INSTRUCTIONS FOR THE TASK.
The records below are to be transcribed exactly as they appear.

● ● ● ● ● ● ●

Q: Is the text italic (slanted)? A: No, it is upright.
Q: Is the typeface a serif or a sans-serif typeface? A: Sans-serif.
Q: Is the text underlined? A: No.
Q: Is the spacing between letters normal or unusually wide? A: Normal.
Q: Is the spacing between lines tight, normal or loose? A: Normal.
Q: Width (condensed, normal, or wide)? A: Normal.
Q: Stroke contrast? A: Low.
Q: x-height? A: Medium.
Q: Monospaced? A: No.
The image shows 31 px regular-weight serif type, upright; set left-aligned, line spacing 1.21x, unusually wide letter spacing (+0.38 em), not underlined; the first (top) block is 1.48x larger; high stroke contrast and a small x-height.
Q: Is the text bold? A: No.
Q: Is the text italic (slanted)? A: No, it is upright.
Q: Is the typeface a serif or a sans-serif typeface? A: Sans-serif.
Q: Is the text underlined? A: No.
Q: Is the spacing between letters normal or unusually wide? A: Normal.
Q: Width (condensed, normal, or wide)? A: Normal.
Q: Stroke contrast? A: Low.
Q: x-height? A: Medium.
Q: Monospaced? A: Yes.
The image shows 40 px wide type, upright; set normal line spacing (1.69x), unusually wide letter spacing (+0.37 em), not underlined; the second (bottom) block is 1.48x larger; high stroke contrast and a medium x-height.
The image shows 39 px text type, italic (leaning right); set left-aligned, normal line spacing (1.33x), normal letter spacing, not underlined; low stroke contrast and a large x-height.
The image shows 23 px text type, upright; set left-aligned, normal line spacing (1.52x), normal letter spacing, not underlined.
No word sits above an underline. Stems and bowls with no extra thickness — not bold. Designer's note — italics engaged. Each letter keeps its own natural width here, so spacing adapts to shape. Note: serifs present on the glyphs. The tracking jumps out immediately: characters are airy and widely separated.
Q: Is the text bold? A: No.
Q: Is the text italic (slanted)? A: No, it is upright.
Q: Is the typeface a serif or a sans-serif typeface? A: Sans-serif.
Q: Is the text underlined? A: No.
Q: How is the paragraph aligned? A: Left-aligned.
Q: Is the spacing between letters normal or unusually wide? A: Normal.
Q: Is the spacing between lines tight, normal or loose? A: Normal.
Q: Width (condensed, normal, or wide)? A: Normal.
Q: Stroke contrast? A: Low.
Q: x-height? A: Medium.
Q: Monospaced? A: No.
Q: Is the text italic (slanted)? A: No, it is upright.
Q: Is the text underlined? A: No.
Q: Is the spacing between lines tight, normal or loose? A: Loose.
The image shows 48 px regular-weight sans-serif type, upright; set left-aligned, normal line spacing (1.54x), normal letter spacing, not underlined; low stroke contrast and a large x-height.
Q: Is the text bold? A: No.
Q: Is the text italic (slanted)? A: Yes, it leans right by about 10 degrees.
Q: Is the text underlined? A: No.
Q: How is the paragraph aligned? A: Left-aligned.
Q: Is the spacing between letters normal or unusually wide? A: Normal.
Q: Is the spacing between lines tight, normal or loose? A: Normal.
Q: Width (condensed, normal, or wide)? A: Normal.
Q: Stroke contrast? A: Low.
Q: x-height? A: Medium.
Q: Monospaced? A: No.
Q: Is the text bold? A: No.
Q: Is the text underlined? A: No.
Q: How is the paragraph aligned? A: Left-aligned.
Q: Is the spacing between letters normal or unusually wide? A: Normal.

● ● ● ● ● ● ●

ANSWER TO THE PROBLEM.
Q: Is the text italic (slanted)? A: No, it is upright.
Q: Is the typeface a serif or a sans-serif typeface? A: Sans-serif.
Q: Is the text underlined? A: No.
Q: Is the spacing between letters normal or unusually wide? A: Normal.
Q: Is the spacing between lines tight, normal or loose? A: Normal.
Q: Width (condensed, normal, or wide)? A: Normal.
Q: Stroke contrast? A: Low.
Q: x-height? A: Medium.
Q: Monospaced? A: No.
The image shows 31 px regular-weight serif type, upright; set left-aligned, line spacing 1.21x, unusually wide letter spacing (+0.38 em), not underlined; the first (top) block is 1.48x larger; high stroke contrast and a small x-height.
Q: Is the text bold? A: No.
Q: Is the text italic (slanted)? A: No, it is upright.
Q: Is the typeface a serif or a sans-serif typeface? A: Sans-serif.
Q: Is the text underlined? A: No.
Q: Is the spacing between letters normal or unusually wide? A: Normal.
Q: Width (condensed, normal, or wide)? A: Normal.
Q: Stroke contrast? A: Low.
Q: x-height? A: Medium.
Q: Monospaced? A: Yes.
The image shows 40 px wide type, upright; set normal line spacing (1.69x), unusually wide letter spacing (+0.37 em), not underlined; the second (bottom) block is 1.48x larger; high stroke contrast and a medium x-height.
The image shows 39 px text type, italic (leaning right); set left-aligned, normal line spacing (1.33x), normal letter spacing, not underlined; low stroke contrast and a large x-height.
The image shows 23 px text type, upright; set left-aligned, normal line spacing (1.52x), normal letter spacing, not underlined.
No word sits above an underline. Stems and bowls with no extra thickness — not bold. Designer's note — italics engaged. Each letter keeps its own natural width here, so spacing adapts to shape. Note: serifs present on the glyphs. The tracking jumps out immediately: characters are airy and widely separated.
Q: Is the text bold? A: No.
Q: Is the text italic (slanted)? A: No, it is upright.
Q: Is the typeface a serif or a sans-serif typeface? A: Sans-serif.
Q: Is the text underlined? A: No.
Q: How is the paragraph aligned? A: Left-aligned.
Q: Is the spacing between letters normal or unusually wide? A: Normal.
Q: Is the spacing between lines tight, normal or loose? A: Normal.
Q: Width (condensed, normal, or wide)? A: Normal.
Q: Stroke contrast? A: Low.
Q: x-height? A: Medium.
Q: Monospaced? A: No.
Q: Is the text italic (slanted)? A: No, it is upright.
Q: Is the text underlined? A: No.
Q: Is the spacing between lines tight, normal or loose? A: Loose.
The image shows 48 px regular-weight sans-serif type, upright; set left-aligned, normal line spacing (1.54x), normal letter spacing, not underlined; low stroke contrast and a large x-height.
Q: Is the text bold? A: No.
Q: Is the text italic (slanted)? A: Yes, it leans right by about 10 degrees.
Q: Is the text underlined? A: No.
Q: How is the paragraph aligned? A: Left-aligned.
Q: Is the spacing between letters normal or unusually wide? A: Normal.
Q: Is the spacing between lines tight, normal or loose? A: Normal.
Q: Width (condensed, normal, or wide)? A: Normal.
Q: Stroke contrast? A: Low.
Q: x-height? A: Medium.
Q: Monospaced? A: No.
Q: Is the text bold? A: No.
Q: Is the text underlined? A: No.
Q: How is the paragraph aligned? A: Left-aligned.
Q: Is the spacing between letters normal or unusually wide? A: Normal.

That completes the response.